TO DO
An exact transcription of the entries is required, with no images included.

DATA SUPPLIED

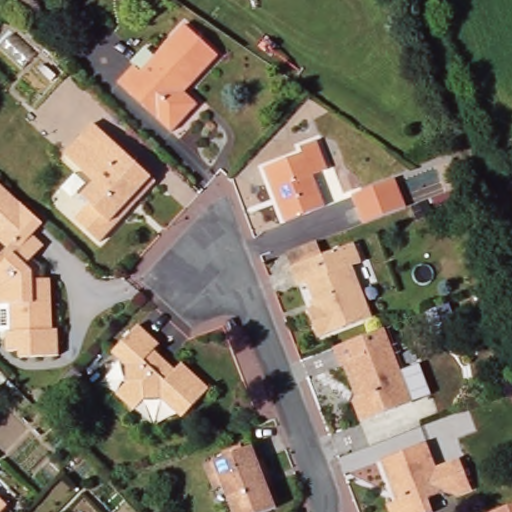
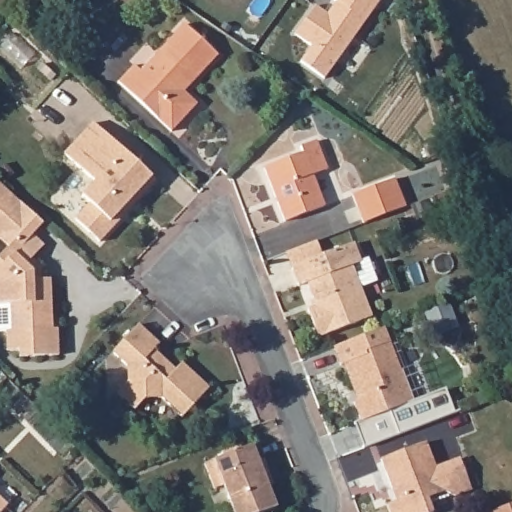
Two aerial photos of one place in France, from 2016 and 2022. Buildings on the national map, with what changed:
new [(354,40),(358,44),(347,65),(340,61),(327,79),(301,62),(312,47),(295,37),(315,6),(328,14),(336,3),(332,1),(332,0),(380,0),(354,40)]
unchanged [(134,65),(141,72),(185,24),(219,55),(184,92),(198,104),(172,132),(118,82),(134,65)]
unchanged [(156,181),(138,200),(133,198),(127,205),(129,210),(100,242),(76,220),(91,205),(82,197),(95,183),(65,155),(94,123),(156,181)]
unchanged [(325,206),(285,222),(264,168),(304,152),(302,147),(317,141),(328,170),(313,175),(325,206)]
new [(395,179),(406,207),(364,224),(353,195),(395,179)]
unchanged [(18,351),(6,351),(6,333),(13,332),(11,306),(0,306),(0,256),(6,249),(0,243),(0,184),(44,224),(32,239),(43,248),(32,260),(43,272),(43,280),(50,280),(52,332),(57,332),(58,357),(19,359),(18,351)]
unchanged [(352,266),(372,317),(319,337),(308,309),(317,306),(308,282),(299,286),(292,267),(293,267),(287,252),(316,242),(322,256),(354,243),(362,262),(352,266)]
unchanged [(210,388),(183,418),(162,398),(146,399),(135,411),(118,395),(128,383),(127,367),(112,353),(139,325),(160,344),(155,350),(176,370),(182,363),(210,388)]
unchanged [(341,366),(335,347),(385,328),(412,403),(361,422),(353,398),(356,397),(345,365),(341,366)]
unchanged [(426,442),(436,467),(460,458),(472,490),(455,496),(445,492),(428,498),(433,512),(391,512),(388,504),(397,501),(393,488),(381,458),(426,442)]
unchanged [(234,512),(224,486),(215,490),(205,463),(253,445),(258,460),(263,458),(270,476),(274,485),(269,487),(277,507),(265,512),(234,512)]
unchanged [(2,512),(0,512),(0,499),(7,506),(2,512)]
unchanged [(491,512),(512,504),(512,512),(491,512)]

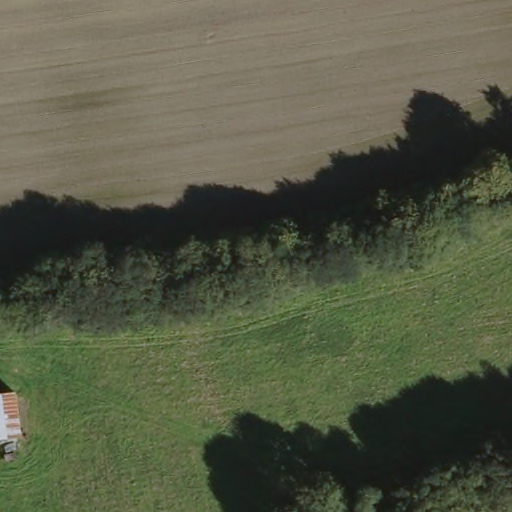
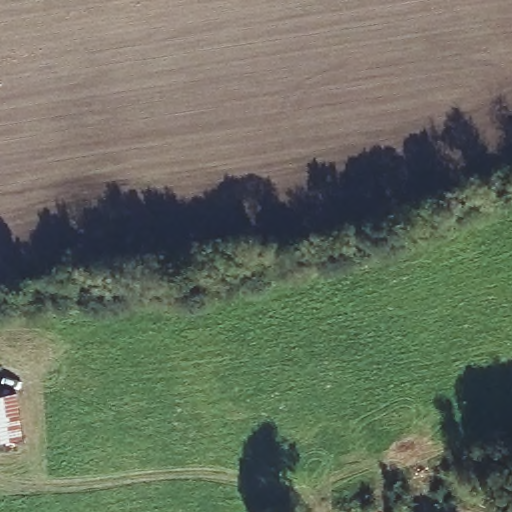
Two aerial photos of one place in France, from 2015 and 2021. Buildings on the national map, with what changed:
unchanged [(22,441),(0,445),(0,396),(16,394),(22,441)]

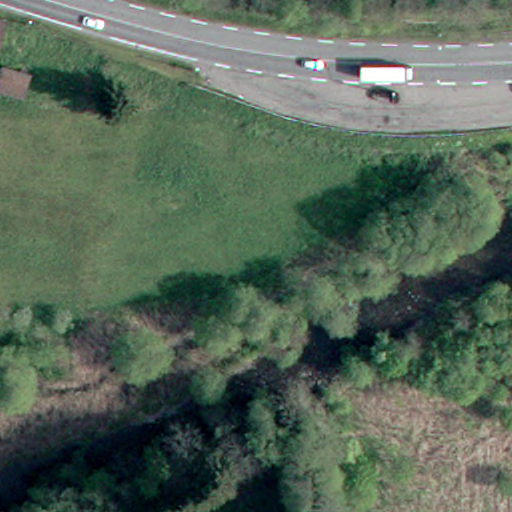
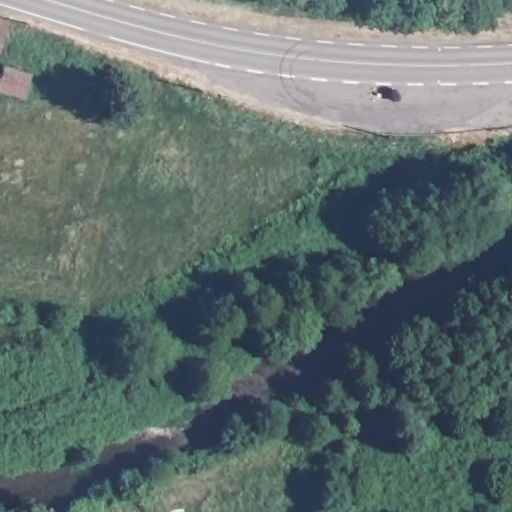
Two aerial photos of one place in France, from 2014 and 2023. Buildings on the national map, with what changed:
unchanged [(2,23),(0,28),(0,17),(2,18),(2,23)]
unchanged [(28,75),(22,96),(0,88),(0,75),(3,66),(28,75)]

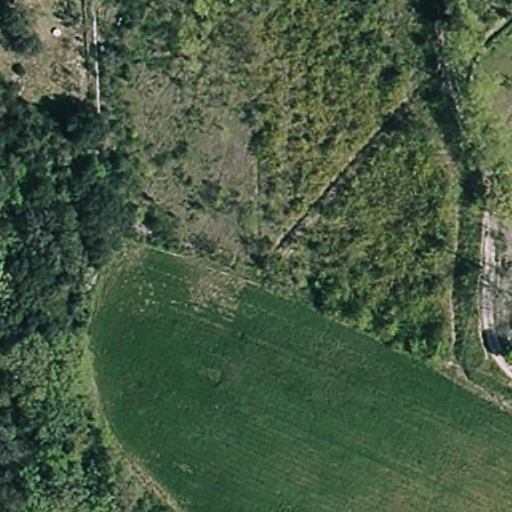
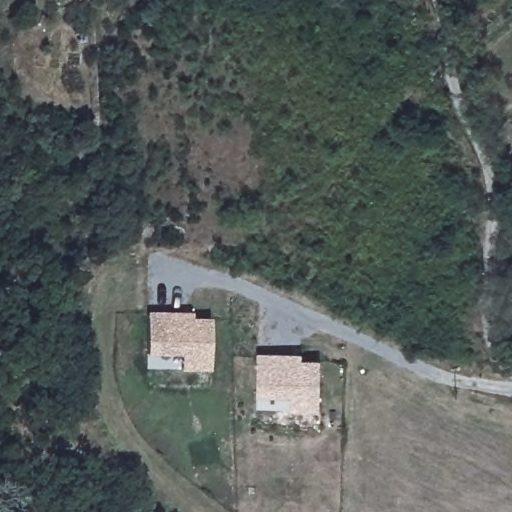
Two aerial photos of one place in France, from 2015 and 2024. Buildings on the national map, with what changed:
new [(192,312),(192,318),(211,318),(210,371),(181,371),(181,355),(147,355),(147,312),(192,312)]
new [(302,353),(302,359),(320,360),(318,412),(290,412),(290,397),(257,397),(257,353),(302,353)]

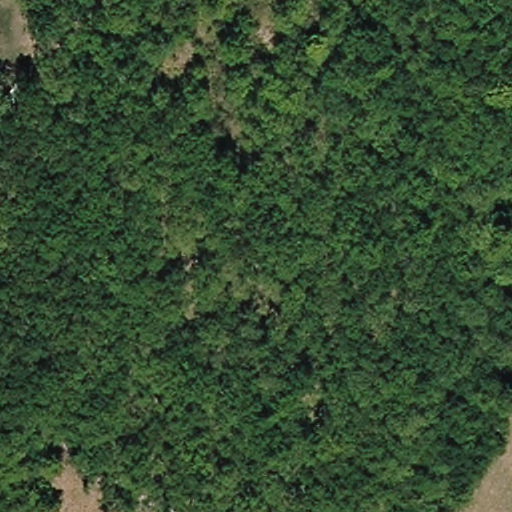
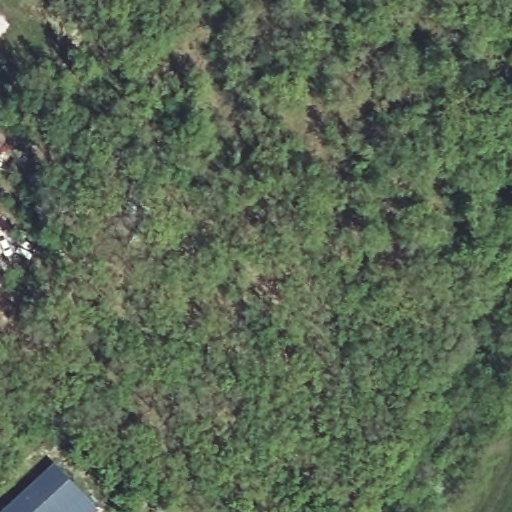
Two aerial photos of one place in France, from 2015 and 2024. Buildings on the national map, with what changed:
new [(58,461),(89,493),(69,512),(3,512),(58,461)]

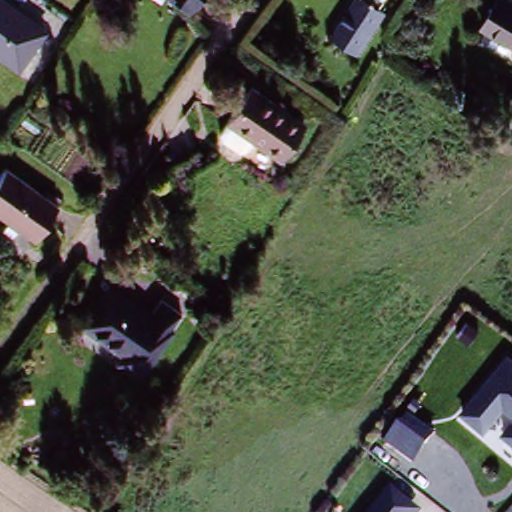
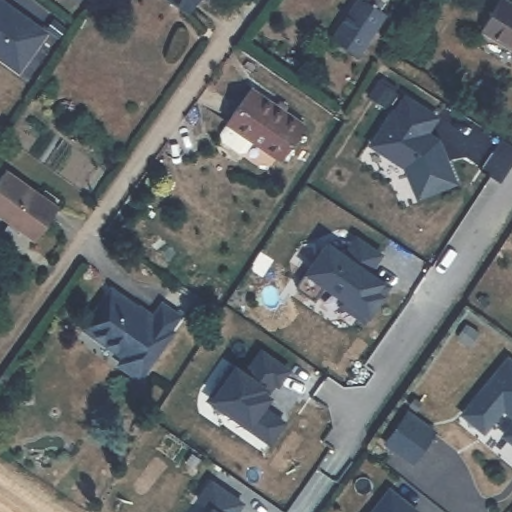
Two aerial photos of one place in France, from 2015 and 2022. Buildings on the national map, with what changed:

SOLUTION TO THIS PROBLEM
Two aerial photos of one place in France, from 2016 and 2022. Buildings on the national map, with what changed:
new [(354,40),(358,44),(347,65),(340,61),(327,79),(301,62),(312,47),(295,37),(315,6),(328,14),(336,3),(332,1),(332,0),(380,0),(354,40)]
unchanged [(134,65),(141,72),(185,24),(219,55),(184,92),(198,104),(172,132),(118,82),(134,65)]
unchanged [(156,181),(138,200),(133,198),(127,205),(129,210),(100,242),(76,220),(91,205),(82,197),(95,183),(65,155),(94,123),(156,181)]
unchanged [(325,206),(285,222),(264,168),(304,152),(302,147),(317,141),(328,170),(313,175),(325,206)]
new [(395,179),(406,207),(364,224),(353,195),(395,179)]
unchanged [(18,351),(6,351),(6,333),(13,332),(11,306),(0,306),(0,256),(6,249),(0,243),(0,184),(44,224),(32,239),(43,248),(32,260),(43,272),(43,280),(50,280),(52,332),(57,332),(58,357),(19,359),(18,351)]
unchanged [(352,266),(372,317),(319,337),(308,309),(317,306),(308,282),(299,286),(292,267),(293,267),(287,252),(316,242),(322,256),(354,243),(362,262),(352,266)]
unchanged [(210,388),(183,418),(162,398),(146,399),(135,411),(118,395),(128,383),(127,367),(112,353),(139,325),(160,344),(155,350),(176,370),(182,363),(210,388)]
unchanged [(341,366),(335,347),(385,328),(412,403),(361,422),(353,398),(356,397),(345,365),(341,366)]
unchanged [(426,442),(436,467),(460,458),(472,490),(455,496),(445,492),(428,498),(433,512),(391,512),(388,504),(397,501),(393,488),(381,458),(426,442)]
unchanged [(234,512),(224,486),(215,490),(205,463),(253,445),(258,460),(263,458),(270,476),(274,485),(269,487),(277,507),(265,512),(234,512)]
unchanged [(2,512),(0,512),(0,499),(7,506),(2,512)]
unchanged [(491,512),(512,504),(512,512),(491,512)]

Two aerial photos of one place in France, from 2015 and 2021. Buildings on the national map, with what changed:
unchanged [(22,441),(0,445),(0,396),(16,394),(22,441)]

Two aerial photos of one place in France, from 2014 and 2023. Buildings on the national map, with what changed:
unchanged [(2,23),(0,28),(0,17),(2,18),(2,23)]
unchanged [(28,75),(22,96),(0,88),(0,75),(3,66),(28,75)]

Two aerial photos of one place in France, from 2015 and 2024. Buildings on the national map, with what changed:
new [(192,312),(192,318),(211,318),(210,371),(181,371),(181,355),(147,355),(147,312),(192,312)]
new [(302,353),(302,359),(320,360),(318,412),(290,412),(290,397),(257,397),(257,353),(302,353)]

Two aerial photos of one place in France, from 2015 and 2024. Buildings on the national map, with what changed:
new [(58,461),(89,493),(69,512),(3,512),(58,461)]

Two aerial photos of one place in France, from 2015 and 2022. Buildings on the national map, with what changed:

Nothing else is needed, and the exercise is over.